When celebrating the 50th anniversary of the discovery of EBV in 2014, Dr Epstein told a BBC interviewer what he thought while listening to Dr Burkitt’s lecture.
“I think there must be some kind of biological agent involved,” Dr. Epstein said. “I’m working on a chicken virus that causes cancer. I have a virus-induced tumor on the front of my head.”
The chicken virus he was talking about was Rous sarcoma virus, the first cancer-causing virus discovered in 1911 by Dr. Francis Peyton Routh, a pathologist at Rockefeller University in New York. Dr. Rouse won the 1966 Nobel Prize in Physiology or Medicine. Although Dr. failed to win the Nobel Prize. Epstein and Barr’s findings had a lasting impact on science and medicine.
“We now know that several viruses and bacteria can cause certain types of cancer,” Dr. Hill said. “However, one could argue that the discovery of the Epstein-Barr virus paves the way for the prevention of certain cancers through vaccination.”

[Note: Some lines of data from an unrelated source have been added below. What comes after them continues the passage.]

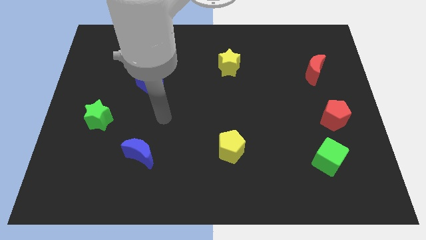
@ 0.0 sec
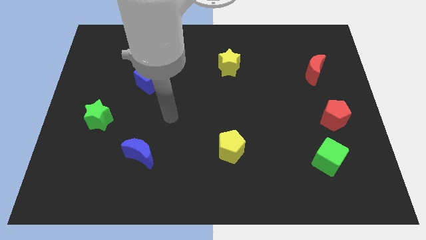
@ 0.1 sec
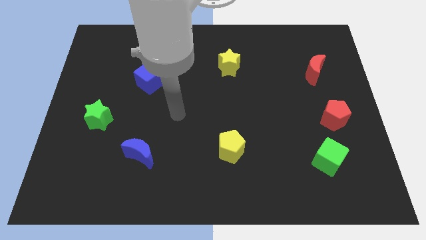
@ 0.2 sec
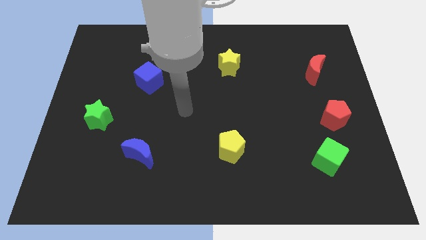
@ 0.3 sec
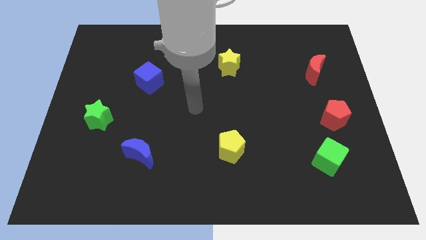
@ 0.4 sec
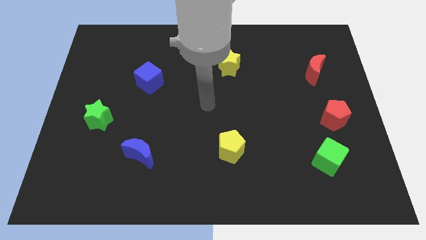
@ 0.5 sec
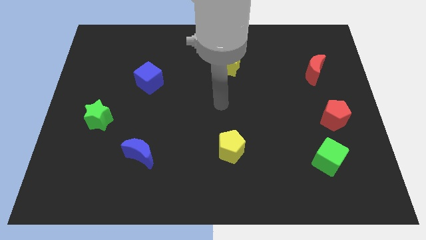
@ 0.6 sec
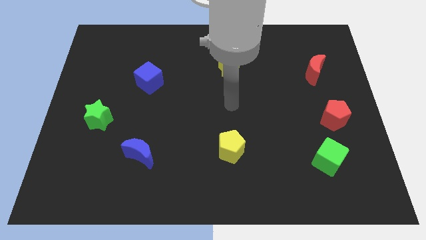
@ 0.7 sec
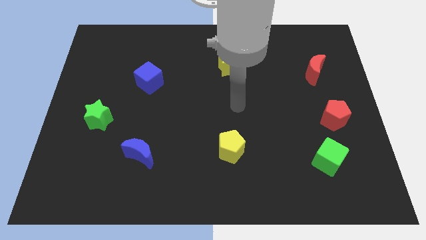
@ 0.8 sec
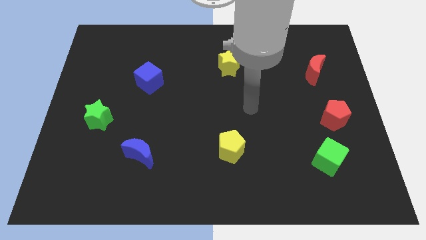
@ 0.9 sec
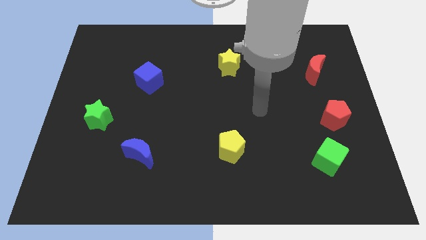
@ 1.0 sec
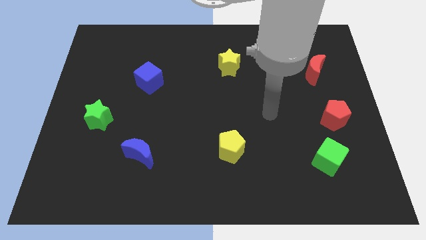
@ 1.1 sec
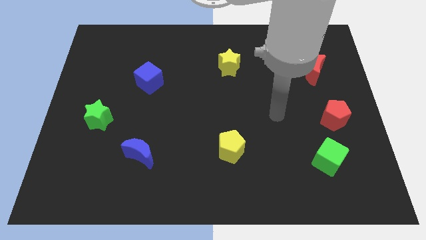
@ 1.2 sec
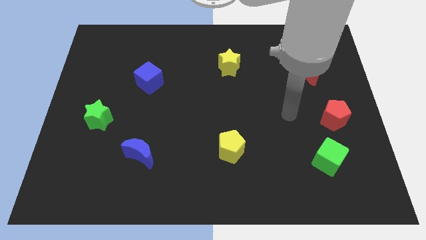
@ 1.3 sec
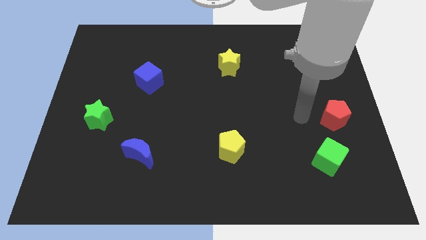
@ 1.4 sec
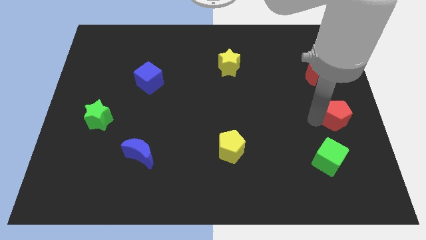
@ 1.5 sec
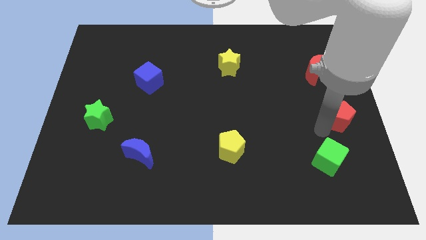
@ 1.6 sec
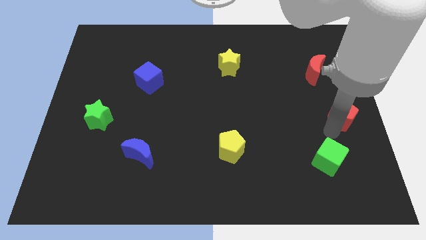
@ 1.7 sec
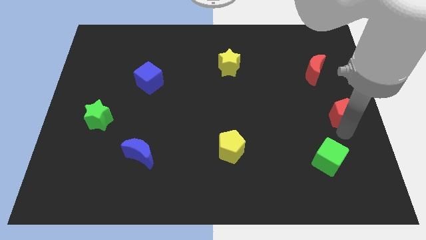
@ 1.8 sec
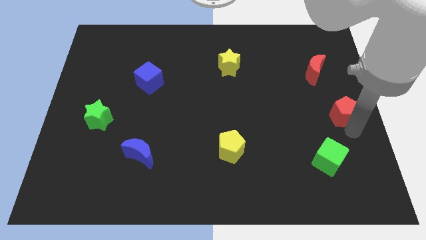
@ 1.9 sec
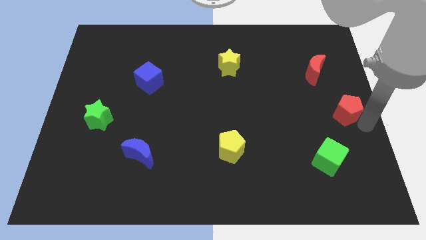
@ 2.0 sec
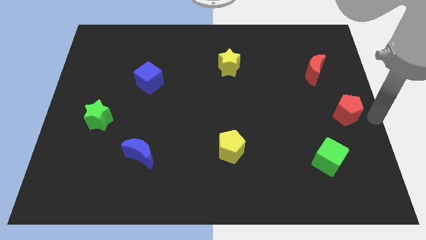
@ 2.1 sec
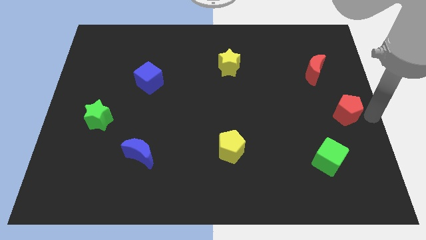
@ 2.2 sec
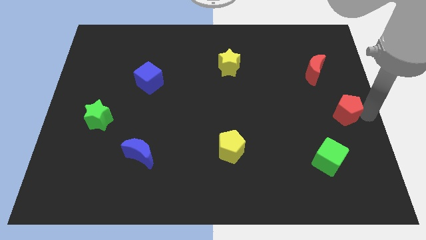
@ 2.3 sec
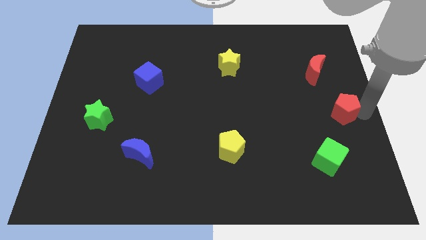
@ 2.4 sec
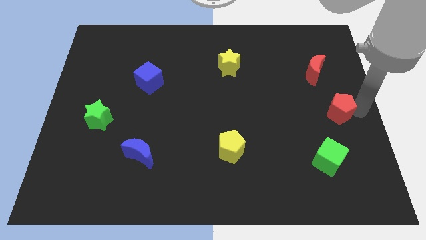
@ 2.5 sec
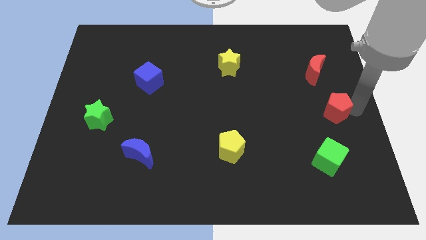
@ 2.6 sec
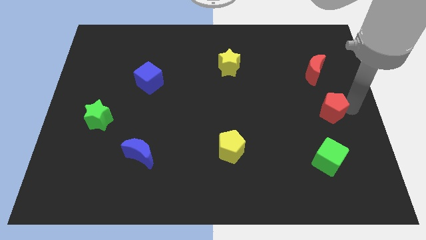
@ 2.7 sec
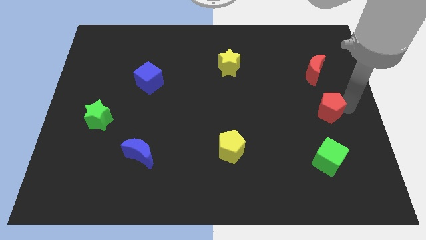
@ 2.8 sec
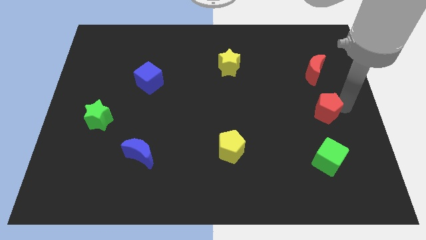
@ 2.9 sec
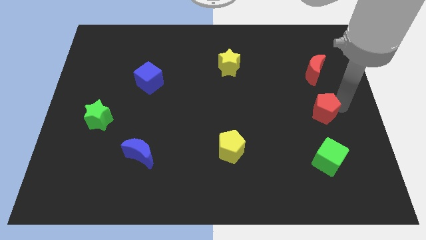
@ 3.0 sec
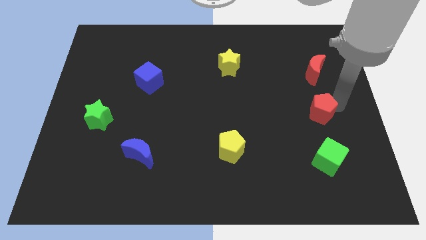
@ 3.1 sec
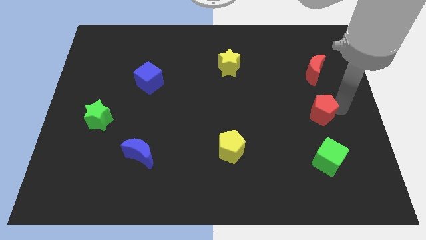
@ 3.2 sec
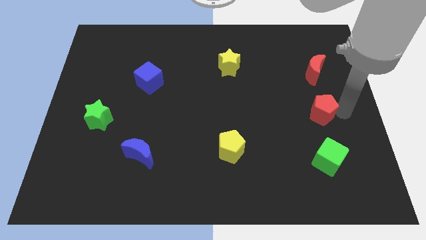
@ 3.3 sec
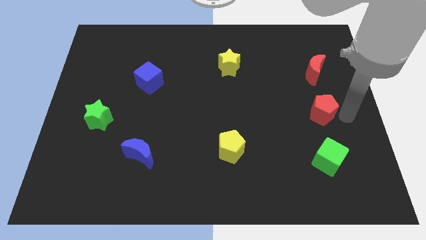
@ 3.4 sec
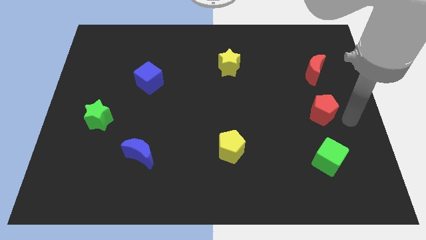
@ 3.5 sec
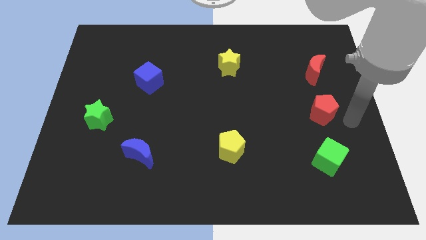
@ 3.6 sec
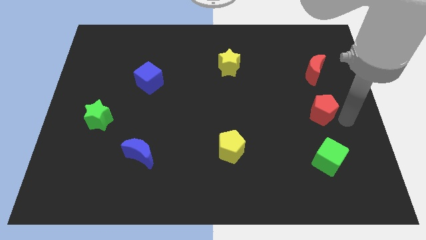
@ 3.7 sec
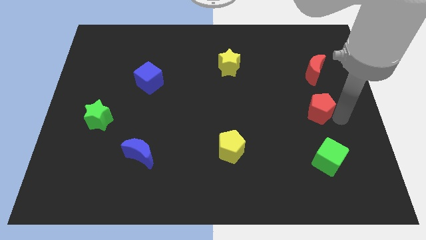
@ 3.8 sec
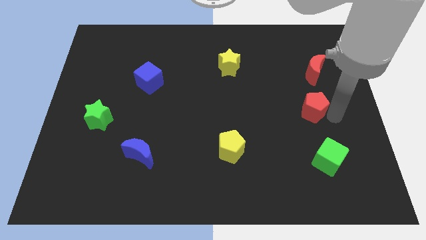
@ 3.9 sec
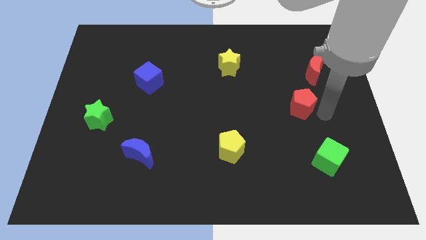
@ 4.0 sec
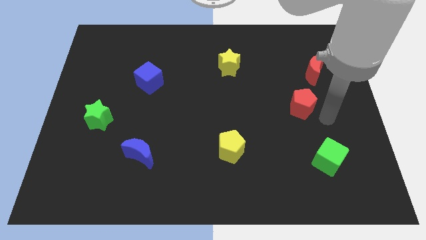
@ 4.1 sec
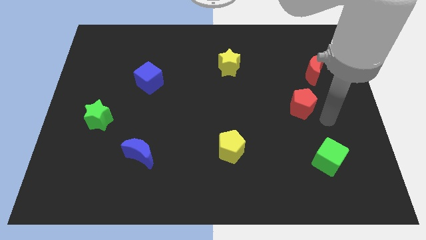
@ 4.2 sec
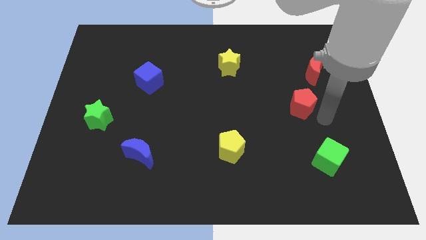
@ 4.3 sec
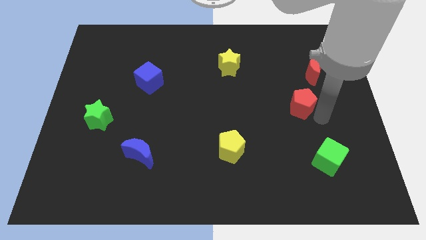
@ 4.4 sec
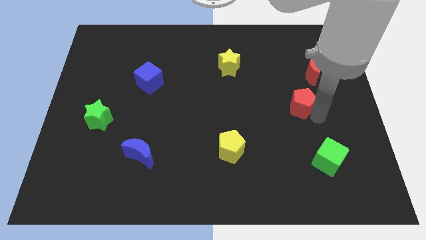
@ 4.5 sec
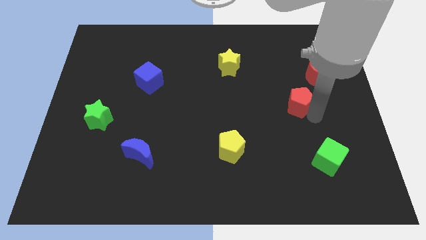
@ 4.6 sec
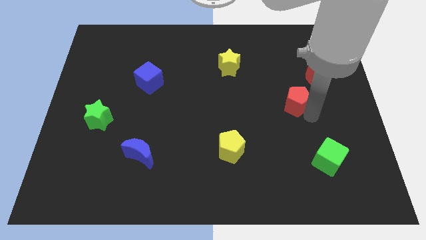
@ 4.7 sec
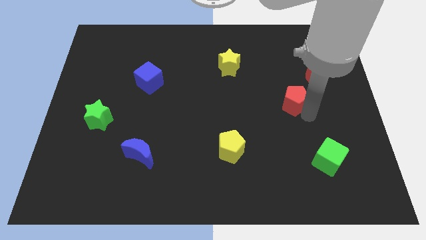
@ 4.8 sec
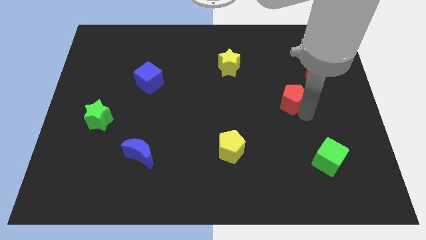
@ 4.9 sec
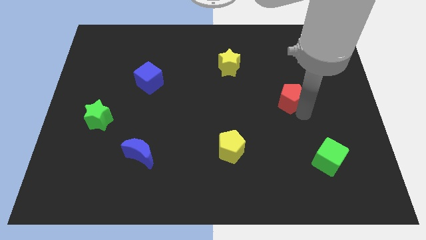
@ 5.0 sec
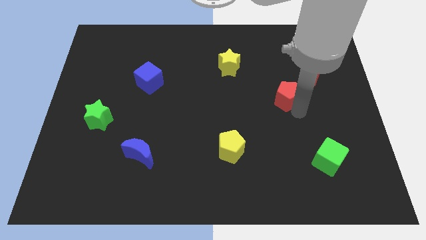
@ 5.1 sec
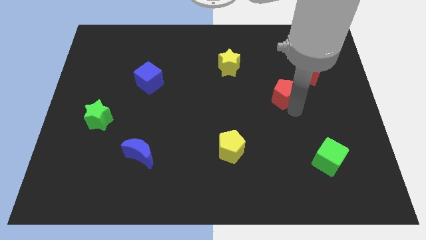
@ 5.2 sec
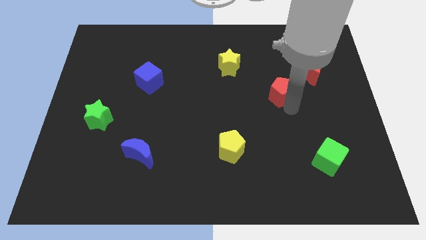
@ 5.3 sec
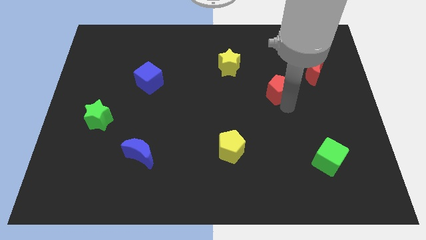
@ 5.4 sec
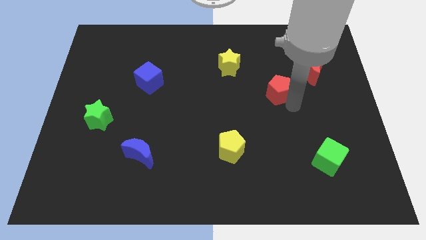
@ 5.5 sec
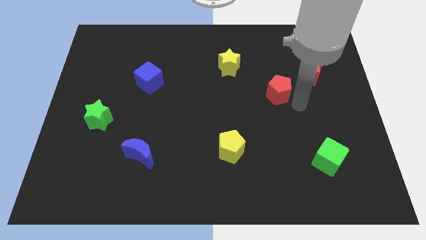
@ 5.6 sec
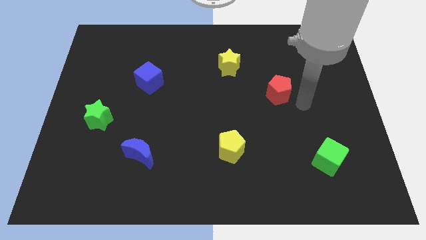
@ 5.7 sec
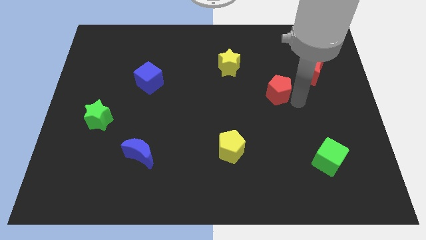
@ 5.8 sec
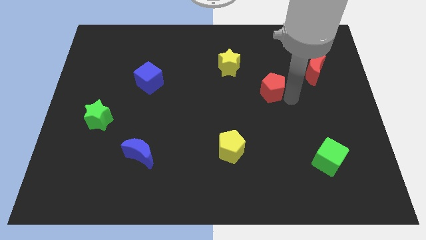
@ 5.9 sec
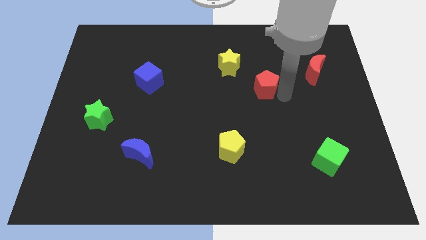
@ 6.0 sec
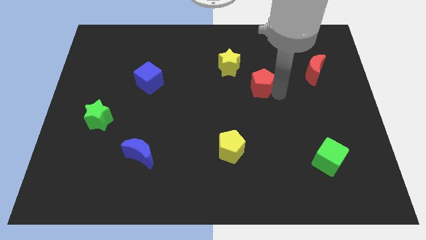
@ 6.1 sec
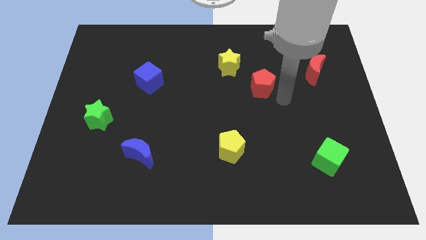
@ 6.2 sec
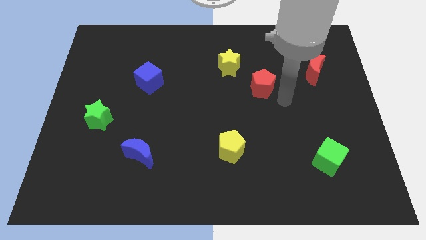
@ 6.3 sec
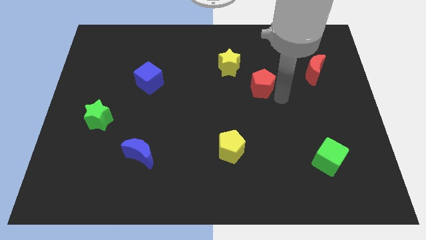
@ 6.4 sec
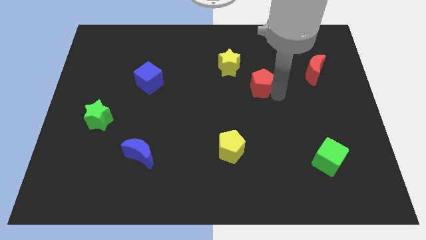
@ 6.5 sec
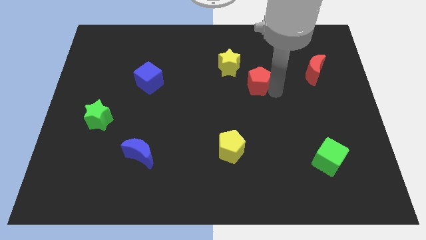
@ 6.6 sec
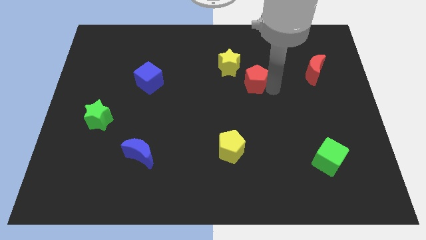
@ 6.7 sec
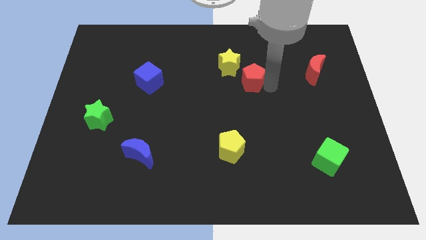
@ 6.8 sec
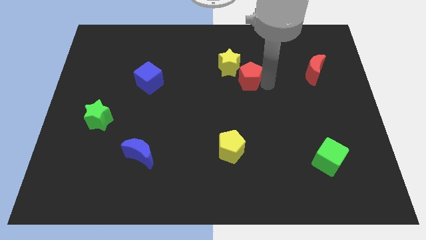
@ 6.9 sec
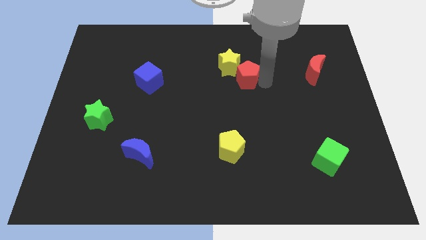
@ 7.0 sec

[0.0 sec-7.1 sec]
move the red pentagon close to the yellow star

There are vaccines for the human papillomavirus (HPV), which causes cervical cancer and other forms of cancer. The hepatitis B vaccine helps prevent liver cancer. But there is currently no vaccine against Epstein-Barr, although two vaccine candidates are in early clinical studies.

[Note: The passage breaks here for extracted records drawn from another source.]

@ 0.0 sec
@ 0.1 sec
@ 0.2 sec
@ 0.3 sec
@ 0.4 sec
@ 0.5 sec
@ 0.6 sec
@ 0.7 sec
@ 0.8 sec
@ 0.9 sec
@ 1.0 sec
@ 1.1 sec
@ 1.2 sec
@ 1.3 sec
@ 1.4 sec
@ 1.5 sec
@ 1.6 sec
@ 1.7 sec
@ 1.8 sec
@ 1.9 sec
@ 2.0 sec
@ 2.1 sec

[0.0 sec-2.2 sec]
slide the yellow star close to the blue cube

EBV was not discovered quickly. Dr Hill, who wrote a commemoration of Dr Epstein for the University of Bristol, said Dr Burkitt sent tumor biopsy samples to London from Kampala, Uganda, but Dr Epstein found no trace of the tumor in the early samples. No viruses.
When another shipment of biopsies was moved from Heathrow to another airport in Manchester, England, due to heavy fog, the samples seemed destined to fail, Dr. Hill said.
“By the time the sample reached Tony it had become turbid – usually a sign of bacterial contamination and would have been thrown in the bin. Instead of throwing it away, Tony examined it carefully,” Dr Hill said in a tribute wrote.
“To his surprise, he discovered that the turbidity was due to lymphoma cells that had broken off the biopsy during transport and were now floating happily in suspension.” He continued: “Tony used this serendipitous discovery to grow the cell lines derived from tumors. He showed that these could survive indefinitely.”
Dr. Epstein used a powerful electron microscope to study his new samples and discovered the unique viral signature of the herpes virus. Dr. Hill calls the discovery an “aha moment.”
PhD. Epstein, Barr and Bert Achong, who prepared the specimens for electron microscopy, announced the discovery in a scientific paper published in the March 1964 issue of the scientific journal The Lancet.
Dr. Barr died in 2016 at the age of 83.
Michael Anthony Epstein was born in London on May 18, 1921, and studied at Trinity College, Cambridge University. He graduated from Middlesex Hospital Medical School, according to Oxford University’s Wolfson College.
After leaving the University of Bristol in 1985, Dr Epstein became a Research Fellow at Wolfson College, where he remained until his retirement in 2001. In 1991, he was knighted by Queen Elizabeth II.
His marriage to Lisbeth Knight ended in divorce in the 1960s. Survivors include his long-term partner, virologist Dr. Catherine Ward, two sons from his marriage, Michael and Simon Epstein, and daughter Susan Holmes.
In 2014, he told the BBC that one of his most fervent wishes was to develop a vaccine against EBV. If current research makes progress, his wish may come true in the not-too-distant future.